Chapter XXXIV.
 

Farmer Merton received a line from Meadows telling him he had gone into Lancashire on important business, and did not expect to be back for three months, except perhaps for a day at a time. Merton handed the letter to Susan.

"We shall miss him," was her remark.

"That we shall. He is capital company."

"And a worthy man into the bargain," said Susan warmly, "spite of what little-minded folk say and think. What do you think that Will Fielding did only yesterday?"

"I don't know."

"Well, he followed me into--there, it is not worth while having an open quarrel, but I shall hate the sight of his very face. I can't think how such a fool can be George's brother. No wonder George and he could not agree. Poor Mr. Meadows--to be affronted in his own house, just for treating me with respect and civility. So that is a crime now."

"What are you saying, girl? That young pauper affront my friend Meadows, the warmest man for fifty miles round. If he has, he shall never come on my premises again.

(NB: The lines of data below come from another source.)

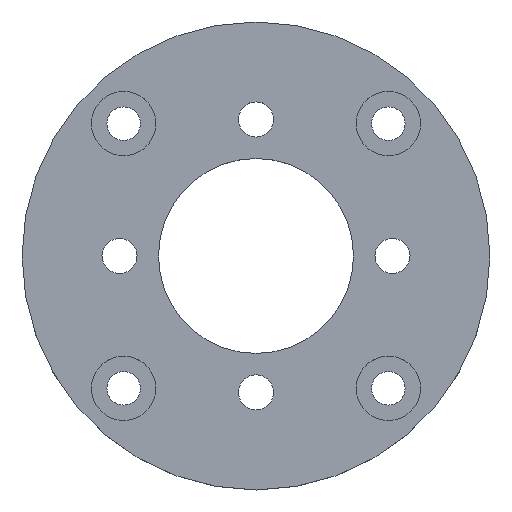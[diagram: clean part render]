
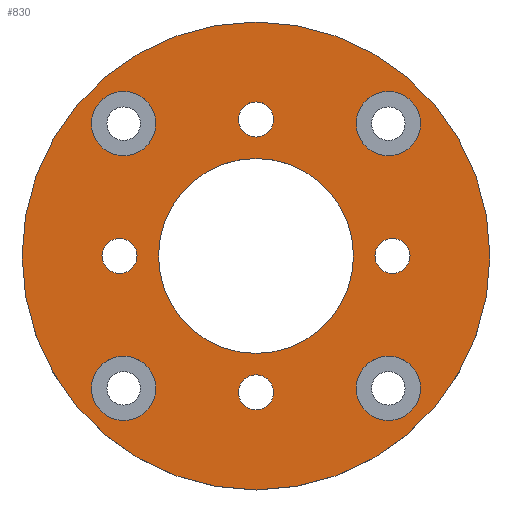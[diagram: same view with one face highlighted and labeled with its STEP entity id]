
A CAD part, top view. The second image highlights one B-rep face of the part: STEP entity #830.
In plain terms, the highlighted planar face has unit normal (0, 0, 1).
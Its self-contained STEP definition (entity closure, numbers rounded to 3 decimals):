
#105=CARTESIAN_POINT('',(0.,0.,5.));
#106=DIRECTION('',(0.,0.,1.));
#107=DIRECTION('',(1.,0.,0.));
#108=AXIS2_PLACEMENT_3D('',#105,#106,#107);
#110=CARTESIAN_POINT('',(0.,0.,5.));
#111=DIRECTION('',(0.,0.,1.));
#112=DIRECTION('',(-1.,0.,0.));
#113=AXIS2_PLACEMENT_3D('',#110,#111,#112);
#115=CARTESIAN_POINT('',(0.,0.,5.));
#116=DIRECTION('',(0.,0.,1.));
#117=DIRECTION('',(1.,0.,0.));
#118=AXIS2_PLACEMENT_3D('',#115,#116,#117);
#120=CARTESIAN_POINT('',(0.,0.,5.));
#121=DIRECTION('',(0.,0.,1.));
#122=DIRECTION('',(-1.,0.,0.));
#123=AXIS2_PLACEMENT_3D('',#120,#121,#122);
#125=CARTESIAN_POINT('',(0.,17.5,5.));
#126=DIRECTION('',(0.,0.,-1.));
#127=DIRECTION('',(1.,0.,0.));
#128=AXIS2_PLACEMENT_3D('',#125,#126,#127);
#130=CARTESIAN_POINT('',(0.,17.5,5.));
#131=DIRECTION('',(0.,0.,-1.));
#132=DIRECTION('',(-1.,0.,0.));
#133=AXIS2_PLACEMENT_3D('',#130,#131,#132);
#135=CARTESIAN_POINT('',(17.5,0.,5.));
#136=DIRECTION('',(0.,0.,-1.));
#137=DIRECTION('',(1.,0.,0.));
#138=AXIS2_PLACEMENT_3D('',#135,#136,#137);
#140=CARTESIAN_POINT('',(17.5,0.,5.));
#141=DIRECTION('',(0.,0.,-1.));
#142=DIRECTION('',(-1.,0.,0.));
#143=AXIS2_PLACEMENT_3D('',#140,#141,#142);
#145=CARTESIAN_POINT('',(0.,-17.5,5.));
#146=DIRECTION('',(0.,0.,-1.));
#147=DIRECTION('',(1.,0.,0.));
#148=AXIS2_PLACEMENT_3D('',#145,#146,#147);
#150=CARTESIAN_POINT('',(0.,-17.5,5.));
#151=DIRECTION('',(0.,0.,-1.));
#152=DIRECTION('',(-1.,0.,0.));
#153=AXIS2_PLACEMENT_3D('',#150,#151,#152);
#155=CARTESIAN_POINT('',(-17.5,0.,5.));
#156=DIRECTION('',(0.,0.,-1.));
#157=DIRECTION('',(1.,0.,0.));
#158=AXIS2_PLACEMENT_3D('',#155,#156,#157);
#160=CARTESIAN_POINT('',(-17.5,0.,5.));
#161=DIRECTION('',(0.,0.,-1.));
#162=DIRECTION('',(-1.,0.,0.));
#163=AXIS2_PLACEMENT_3D('',#160,#161,#162);
#165=CARTESIAN_POINT('',(16.971,-16.971,5.));
#166=DIRECTION('',(0.,0.,1.));
#167=DIRECTION('',(-1.,0.,0.));
#168=AXIS2_PLACEMENT_3D('',#165,#166,#167);
#170=CARTESIAN_POINT('',(16.971,-16.971,5.));
#171=DIRECTION('',(0.,0.,1.));
#172=DIRECTION('',(1.,0.,0.));
#173=AXIS2_PLACEMENT_3D('',#170,#171,#172);
#175=CARTESIAN_POINT('',(16.971,16.971,5.));
#176=DIRECTION('',(0.,0.,1.));
#177=DIRECTION('',(-1.,0.,0.));
#178=AXIS2_PLACEMENT_3D('',#175,#176,#177);
#180=CARTESIAN_POINT('',(16.971,16.971,5.));
#181=DIRECTION('',(0.,0.,1.));
#182=DIRECTION('',(1.,0.,0.));
#183=AXIS2_PLACEMENT_3D('',#180,#181,#182);
#185=CARTESIAN_POINT('',(-16.971,16.971,5.));
#186=DIRECTION('',(0.,0.,1.));
#187=DIRECTION('',(-1.,0.,0.));
#188=AXIS2_PLACEMENT_3D('',#185,#186,#187);
#190=CARTESIAN_POINT('',(-16.971,16.971,5.));
#191=DIRECTION('',(0.,0.,1.));
#192=DIRECTION('',(1.,0.,0.));
#193=AXIS2_PLACEMENT_3D('',#190,#191,#192);
#195=CARTESIAN_POINT('',(-16.971,-16.971,5.));
#196=DIRECTION('',(0.,0.,1.));
#197=DIRECTION('',(-1.,0.,0.));
#198=AXIS2_PLACEMENT_3D('',#195,#196,#197);
#200=CARTESIAN_POINT('',(-16.971,-16.971,5.));
#201=DIRECTION('',(0.,0.,1.));
#202=DIRECTION('',(1.,0.,0.));
#203=AXIS2_PLACEMENT_3D('',#200,#201,#202);
#533=CARTESIAN_POINT('',(30.,0.,5.));
#534=CARTESIAN_POINT('',(-30.,0.,5.));
#535=VERTEX_POINT('',#533);
#536=VERTEX_POINT('',#534);
#537=CARTESIAN_POINT('',(12.5,0.,5.));
#538=CARTESIAN_POINT('',(-12.5,0.,5.));
#539=VERTEX_POINT('',#537);
#540=VERTEX_POINT('',#538);
#557=CARTESIAN_POINT('',(2.25,17.5,5.));
#558=CARTESIAN_POINT('',(-2.25,17.5,5.));
#559=VERTEX_POINT('',#557);
#560=VERTEX_POINT('',#558);
#573=CARTESIAN_POINT('',(19.75,0.,5.));
#574=CARTESIAN_POINT('',(15.25,0.,5.));
#575=VERTEX_POINT('',#573);
#576=VERTEX_POINT('',#574);
#589=CARTESIAN_POINT('',(2.25,-17.5,5.));
#590=CARTESIAN_POINT('',(-2.25,-17.5,5.));
#591=VERTEX_POINT('',#589);
#592=VERTEX_POINT('',#590);
#605=CARTESIAN_POINT('',(-15.25,0.,5.));
#606=CARTESIAN_POINT('',(-19.75,0.,5.));
#607=VERTEX_POINT('',#605);
#608=VERTEX_POINT('',#606);
#621=CARTESIAN_POINT('',(12.846,-16.971,5.));
#622=CARTESIAN_POINT('',(21.096,-16.971,5.));
#623=VERTEX_POINT('',#621);
#624=VERTEX_POINT('',#622);
#649=CARTESIAN_POINT('',(12.846,16.971,5.));
#650=CARTESIAN_POINT('',(21.096,16.971,5.));
#651=VERTEX_POINT('',#649);
#652=VERTEX_POINT('',#650);
#665=CARTESIAN_POINT('',(-21.096,16.971,5.));
#666=CARTESIAN_POINT('',(-12.846,16.971,5.));
#667=VERTEX_POINT('',#665);
#668=VERTEX_POINT('',#666);
#681=CARTESIAN_POINT('',(-21.096,-16.971,5.));
#682=CARTESIAN_POINT('',(-12.846,-16.971,5.));
#683=VERTEX_POINT('',#681);
#684=VERTEX_POINT('',#682);
#766=CARTESIAN_POINT('',(0.,0.,5.));
#767=DIRECTION('',(0.,0.,1.));
#768=DIRECTION('',(1.,0.,0.));
#769=AXIS2_PLACEMENT_3D('',#766,#767,#768);
#770=PLANE('',#769);
#772=ORIENTED_EDGE('',*,*,#771,.F.);
#774=ORIENTED_EDGE('',*,*,#773,.F.);
#775=EDGE_LOOP('',(#772,#774));
#776=FACE_OUTER_BOUND('',#775,.F.);
#777=ORIENTED_EDGE('',*,*,#756,.T.);
#779=ORIENTED_EDGE('',*,*,#778,.T.);
#780=EDGE_LOOP('',(#777,#779));
#781=FACE_BOUND('',#780,.F.);
#783=ORIENTED_EDGE('',*,*,#782,.F.);
#785=ORIENTED_EDGE('',*,*,#784,.F.);
#786=EDGE_LOOP('',(#783,#785));
#787=FACE_BOUND('',#786,.F.);
#789=ORIENTED_EDGE('',*,*,#788,.F.);
#791=ORIENTED_EDGE('',*,*,#790,.F.);
#792=EDGE_LOOP('',(#789,#791));
#793=FACE_BOUND('',#792,.F.);
#795=ORIENTED_EDGE('',*,*,#794,.F.);
#797=ORIENTED_EDGE('',*,*,#796,.F.);
#798=EDGE_LOOP('',(#795,#797));
#799=FACE_BOUND('',#798,.F.);
#801=ORIENTED_EDGE('',*,*,#800,.F.);
#803=ORIENTED_EDGE('',*,*,#802,.F.);
#804=EDGE_LOOP('',(#801,#803));
#805=FACE_BOUND('',#804,.F.);
#807=ORIENTED_EDGE('',*,*,#806,.T.);
#809=ORIENTED_EDGE('',*,*,#808,.T.);
#810=EDGE_LOOP('',(#807,#809));
#811=FACE_BOUND('',#810,.F.);
#813=ORIENTED_EDGE('',*,*,#812,.T.);
#815=ORIENTED_EDGE('',*,*,#814,.T.);
#816=EDGE_LOOP('',(#813,#815));
#817=FACE_BOUND('',#816,.F.);
#819=ORIENTED_EDGE('',*,*,#818,.T.);
#821=ORIENTED_EDGE('',*,*,#820,.T.);
#822=EDGE_LOOP('',(#819,#821));
#823=FACE_BOUND('',#822,.F.);
#825=ORIENTED_EDGE('',*,*,#824,.T.);
#827=ORIENTED_EDGE('',*,*,#826,.T.);
#828=EDGE_LOOP('',(#825,#827));
#829=FACE_BOUND('',#828,.F.);
#830=ADVANCED_FACE('',(#776,#781,#787,#793,#799,#805,#811,#817,#823,#829),#770,
.T.);
#109=CIRCLE('',#108,30.);
#114=CIRCLE('',#113,30.);
#119=CIRCLE('',#118,12.5);
#124=CIRCLE('',#123,12.5);
#129=CIRCLE('',#128,2.25);
#134=CIRCLE('',#133,2.25);
#139=CIRCLE('',#138,2.25);
#144=CIRCLE('',#143,2.25);
#149=CIRCLE('',#148,2.25);
#154=CIRCLE('',#153,2.25);
#159=CIRCLE('',#158,2.25);
#164=CIRCLE('',#163,2.25);
#169=CIRCLE('',#168,4.125);
#174=CIRCLE('',#173,4.125);
#179=CIRCLE('',#178,4.125);
#184=CIRCLE('',#183,4.125);
#189=CIRCLE('',#188,4.125);
#194=CIRCLE('',#193,4.125);
#199=CIRCLE('',#198,4.125);
#204=CIRCLE('',#203,4.125);
#756=EDGE_CURVE('',#539,#540,#119,.T.);
#771=EDGE_CURVE('',#535,#536,#109,.T.);
#773=EDGE_CURVE('',#536,#535,#114,.T.);
#778=EDGE_CURVE('',#540,#539,#124,.T.);
#782=EDGE_CURVE('',#559,#560,#129,.T.);
#784=EDGE_CURVE('',#560,#559,#134,.T.);
#788=EDGE_CURVE('',#575,#576,#139,.T.);
#790=EDGE_CURVE('',#576,#575,#144,.T.);
#794=EDGE_CURVE('',#591,#592,#149,.T.);
#796=EDGE_CURVE('',#592,#591,#154,.T.);
#800=EDGE_CURVE('',#607,#608,#159,.T.);
#802=EDGE_CURVE('',#608,#607,#164,.T.);
#806=EDGE_CURVE('',#623,#624,#169,.T.);
#808=EDGE_CURVE('',#624,#623,#174,.T.);
#812=EDGE_CURVE('',#651,#652,#179,.T.);
#814=EDGE_CURVE('',#652,#651,#184,.T.);
#818=EDGE_CURVE('',#667,#668,#189,.T.);
#820=EDGE_CURVE('',#668,#667,#194,.T.);
#824=EDGE_CURVE('',#683,#684,#199,.T.);
#826=EDGE_CURVE('',#684,#683,#204,.T.);

You may take your oath of that."

Susan looked aghast. This was more than she had bargained for. She was the last in the world to set two people by the ears.

"Now don't you be so peppery, father," said she. "There is nothing to make a quarrel about."

"Yes there is, though, if that ignorant beggar insulted my friend."

"No! no! no!"

"Why, what did you say?"

"I say--that here is Mr. Clinton coming to the door."

"Let him in, girl, let him in. And you needn't stay. We are going to talk business."